Pelvic inflammatory disease (PID) is an infection of the reproductive organs. If left untreated, it can damage the fallopian tubes, ovaries, and uterus. PID typically occurs when sexually transmitted bacteria spread from the vagina to the upper reproductive organs.

What Causes Pelvic Inflammatory Disease?

Several types of bacteria may cause PID. The most common are gonorrhea and chlamydia infections, which may result from unprotected sex.

Furthermore, bacteria leading to PID can also enter the reproductive organs whenever the function of the cervix barrier is disrupted. This can happen during menstruation, childbirth, abortion or a miscarriage. Bacteria causing PID may also enter the reproductive tract after an intrauterine device (IUD) is inserted, but this is rare.

What Does Pelvic Inflammatory Disease Feel Like?

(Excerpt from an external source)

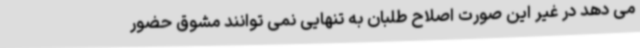
می دهد در غیر این صورت اصلاح طلبان به تنهایی نمی توانند مشوق حضور

Signs of pelvic inflammatory disease may be mild and go undetected. In addition, some women are asymptomatic, making it difficult to diagnose. When symptoms do occur, they may include:

  • Mild to severe pelvic pain
  • Vaginal discharge
  • Fever
  • Painful urination
  • Unusual bleeding during or after intercourse

Treatment Options for Pelvic Inflammatory Disease

If you think you may have PID, it is crucial to see a GYN specialist as soon as possible. If left untreated, PID can cause permanent damage to the reproductive organs and lead to infertility. Fortunately, if detected early enough, PID may be successfully treated with antibiotics.

2. Endometriosis

This condition is caused when the endometrium tissue (the tissue that lines the uterus) grows outside the uterine area. When this occurs, the tissue thickens and sheds each month just as it would inside the uterus.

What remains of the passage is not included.